Subcellular localization of NCAPP1 in tobacco BY-2 cells. (A to D) Transient production of EGFP (A), NCAPP1-EGFP (B), CmPP16-RFP (C), and NCAPP1Δ1–22-EGFP (D) within individual cells. (Eand F) Accumulation of NCAPP1-EGFP in transgenic cells (TBY-2) along the developing cell plate (E, arrow) (fig. S5) and distribution of ER imaged with ER-targeted EGFP (F); images represent single frames from time-lapse series (11) (movies S1 to S3). (G and H) Immunodetection of NCAPP1 (fig. S5) using α-Cpep in wild-type (G) and TBY-2 (H) cells, presented in false-blue color. (I and J) Immunogold detection of NCAPP1-EGFP on the cytoplasmic face of the ER that is associated with the cell plate (CP) (I) and on the ER near a plasmodesma (PD) (J). Presence of gold particles is indicated by arrows. (K) Histogram illustrating the distribution of gold particles within subcellular compartments of TBY-2 cells (fig. S6). (L) Colocalization of NCAPP1-EGFP and CmPP16-RFP in TBY-2 cells. (M) A cell double-labeled with NCAPP1Δ1–22-EGFP (left) and CmPP16-RFP (middle) shows colocalization of probes in the cytoplasm (combined image at right). (N) The same cell shown in (M) supported on filter paper and imaged by transmitted light. Note position of the adjoining cell walls (arrows). Scale bars, 10 μm in (A) to (H), (L) to (N); 0.2 μm in (I) and (J).

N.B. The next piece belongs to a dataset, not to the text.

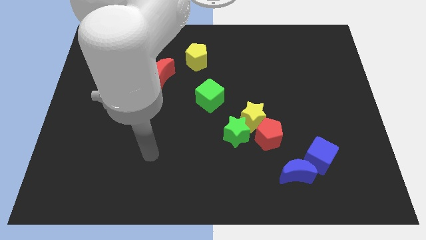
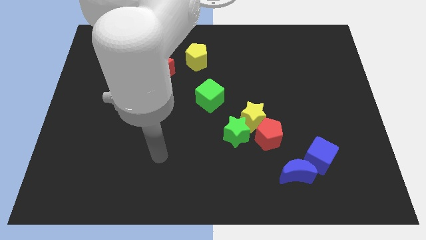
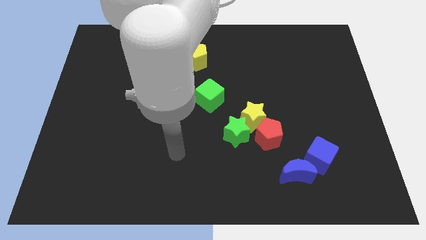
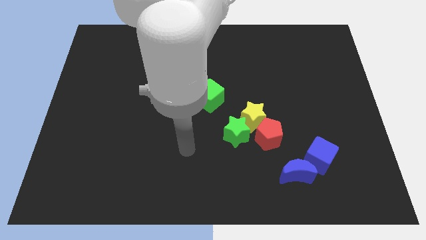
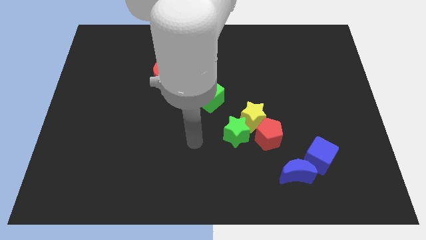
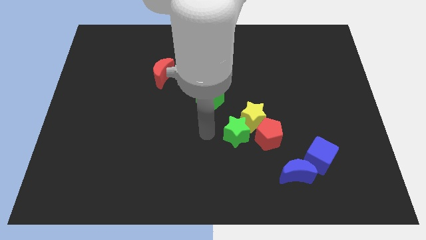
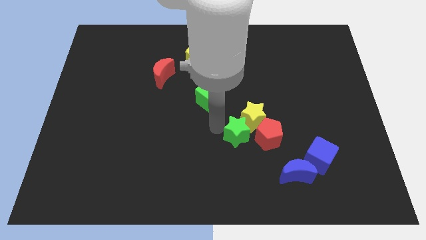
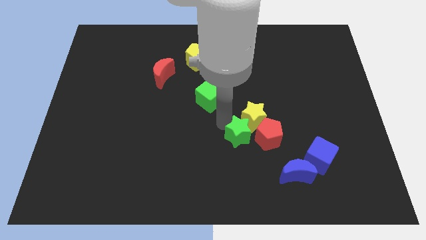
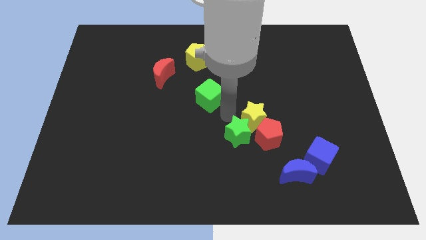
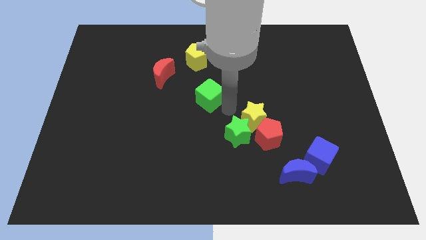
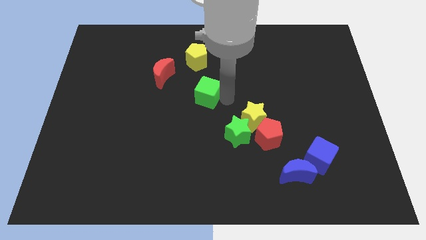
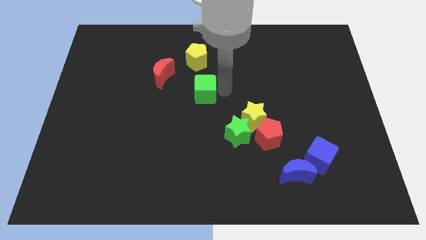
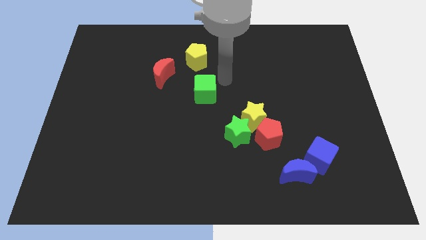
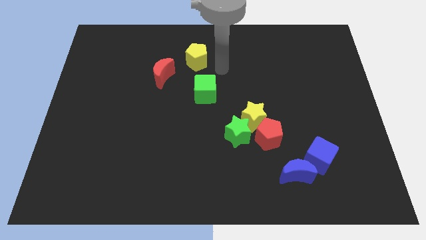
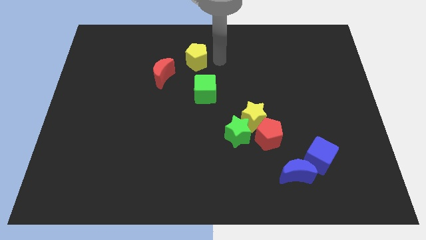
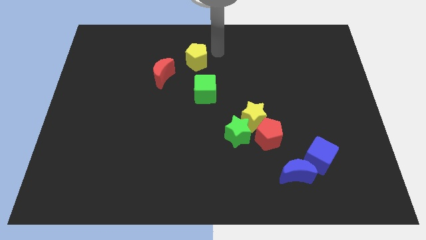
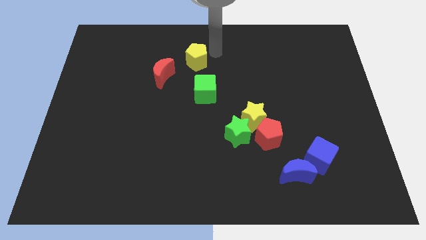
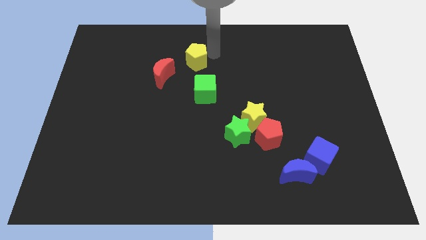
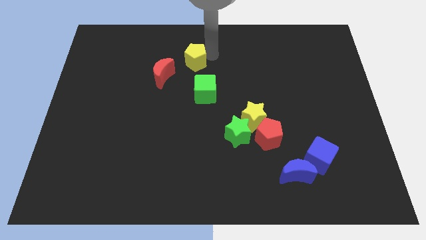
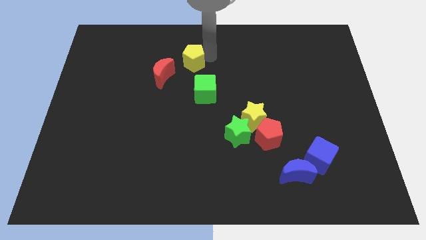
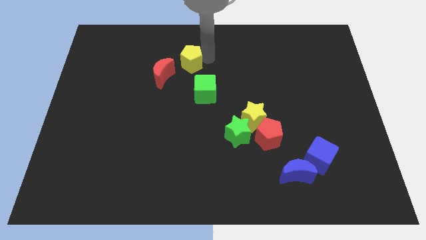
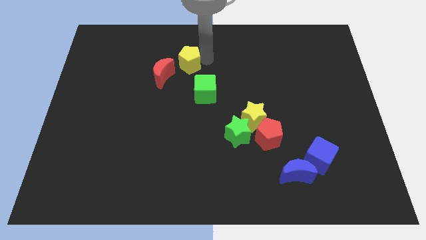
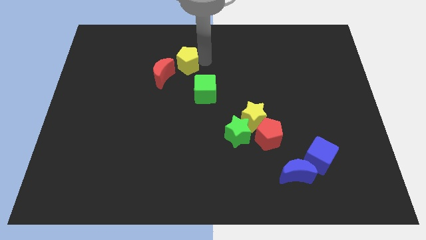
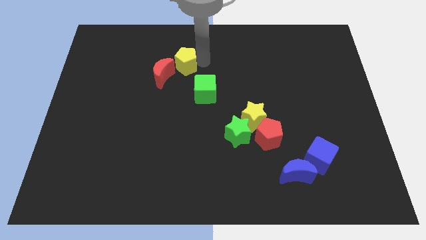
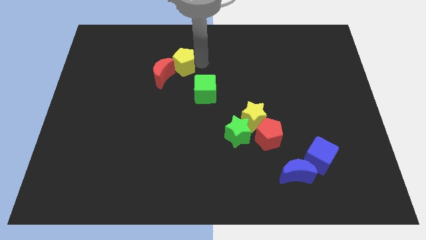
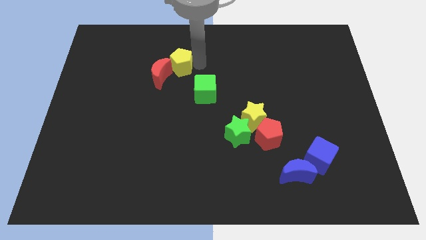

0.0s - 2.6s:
push the yellow pentagon towards the red moon

A strong NCAPP1-EGFP signal was observed within the plane of the newly forming cell plate (Fig. 3E), a pattern that was in contrast with the broader signal obtained using ER-targeted EGFP (Fig. 3F). Time-lapse video imaging of BY-2 cells illustrated the dynamics of NCAPP1-EGFP targeting to and close association with the developing of the cell plate. Immunofluorescence analysis detected a pattern consistent with that observed for NCAPP1-EGFP; however, this immunological signal likely represents contributions from multiple isoforms of NCAPP1 (Fig. 3, G and H).

Examination of NCAPP1-EGFP distribution, using α-GFP as the immunological probe, revealed its presence at the forming cell plate and, in particular, on the outer surface of the cortical ER membrane (Fig. 3I, fig. S6). Furthermore, NCAPP1-EGFP was detected near plasmodesmata (Fig. 3J), but, although label was detected near the orifice, it was never found in association with the appressed form of the ER within the plasmodesmata. A detailed analysis of gold particle density supported the ER as the location of NCAPP1 (Fig. 3K).

Evidence consistent with the colocalization of NCAPP1 and CmPP16 was gained by experiments in which CmPP16-RFP was transiently expressed in transformed BY-2 cells carrying NCAPP1 (Fig. 3L). In experiments in which NCAPP1Δ1–22-EGFP and CmPP16-RFP were coexpressed, overlapping fluorescent signals were detected in the cytoplasm but not in the nucleus (Fig. 3M). These results are consistent with, but do not prove, an in vivo interaction between NCAPP1 and CmPP16.

The potential for interaction between NCAPP1Δ1–22and CmPP16 was investigated by microinjection studies. Control experiments confirmed that fluorescein isothiocyanate (FITC)–labeled CmPP16 has the capacity to move from cell to cell (Table 1). This movement capacity was blocked when CmPP16-FITC was coinjected with NCAPP1Δ1–22 (at a molar ratio of 1:1). Coinjection with a control protein [42-kDa maltose binding protein (MBP) at an equivalent molar ratio of 1:1] had no effect on the capacity of CmPP16 to mediate its own cell-to-cell transport, supporting the notion that the observed inhibition reflects an interaction between CmPP16 and NCAPP1Δ1–22.

Table 1

NCAPP1Δ1–22 prevents modulation of plasmodesmal SEL by CmPP16 and TMV MP.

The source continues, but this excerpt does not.